### What you should do
Please return the listing exactly as written, but without its pictures.

◇ ◇ ◇ ◇ ◇ ◇ ◇

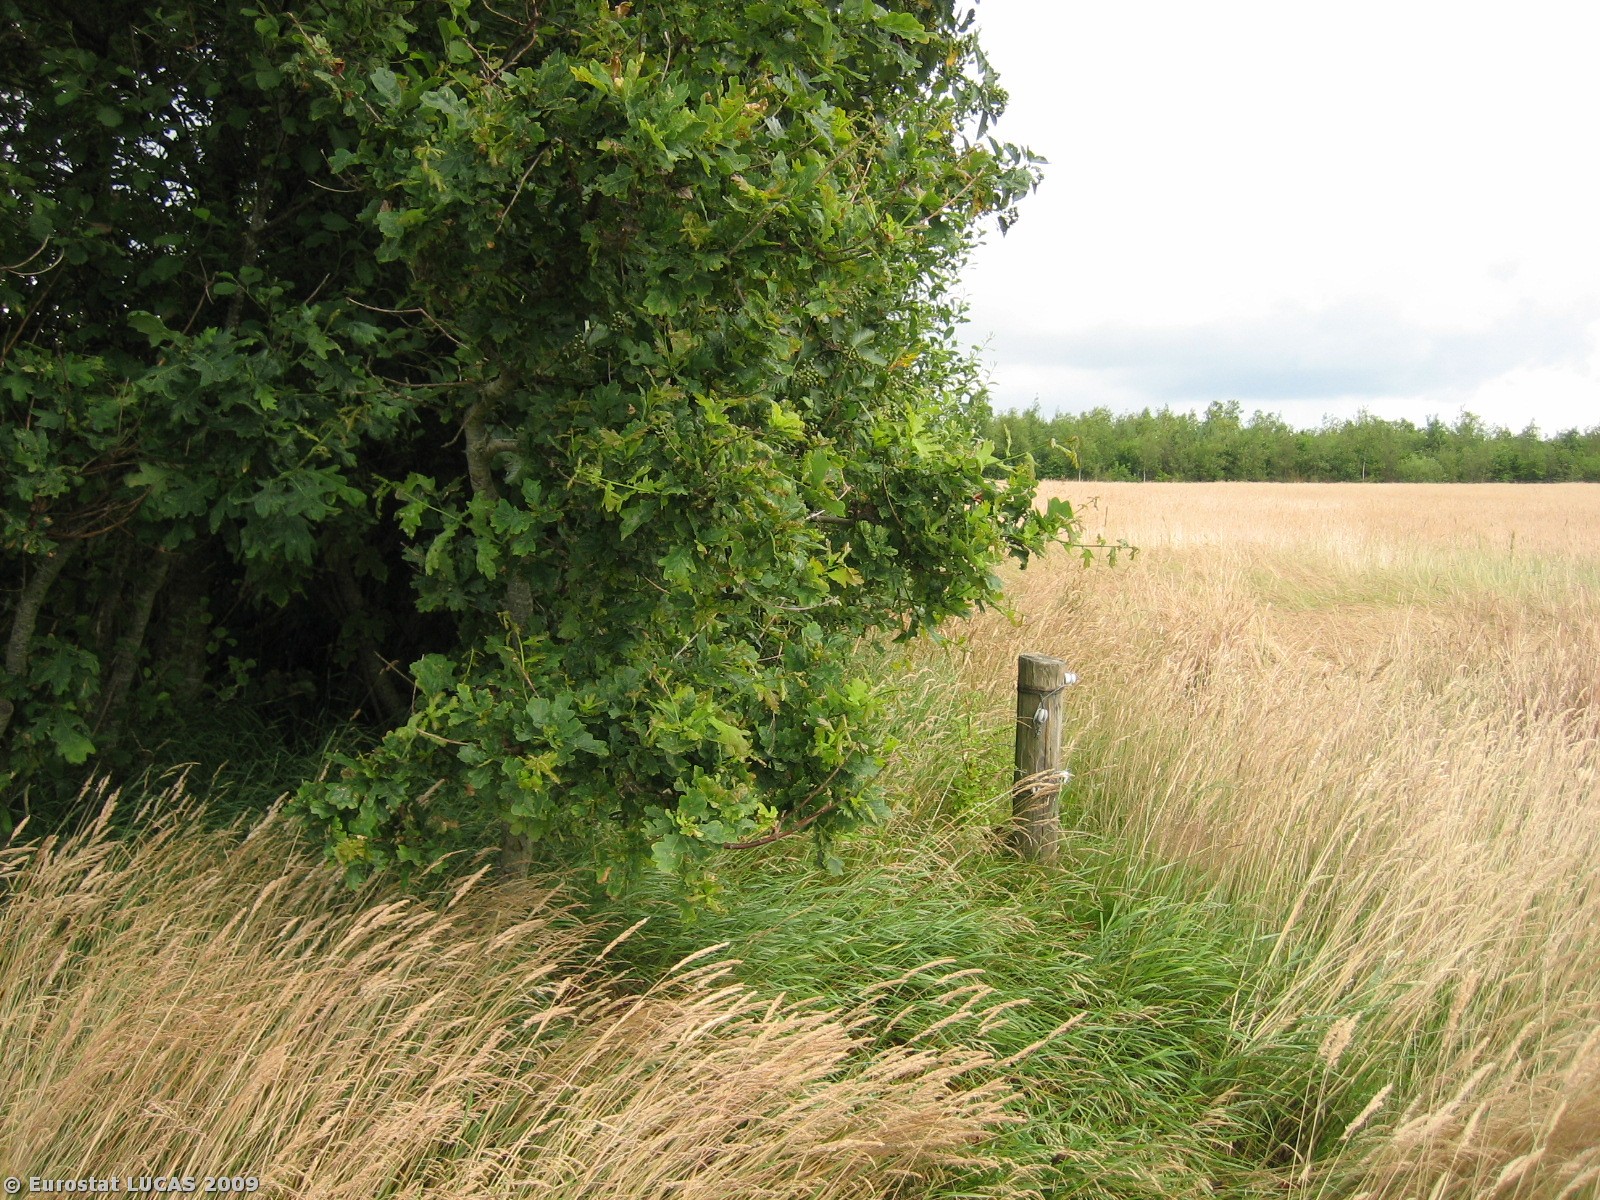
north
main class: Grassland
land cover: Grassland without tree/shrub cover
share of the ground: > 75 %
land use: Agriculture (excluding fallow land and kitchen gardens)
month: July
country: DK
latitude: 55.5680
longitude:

◇ ◇ ◇ ◇ ◇ ◇ ◇

### Answer space
north
main class: Grassland
land cover: Grassland without tree/shrub cover
share of the ground: > 75 %
land use: Agriculture (excluding fallow land and kitchen gardens)
month: July
country: DK
latitude: 55.5680
longitude:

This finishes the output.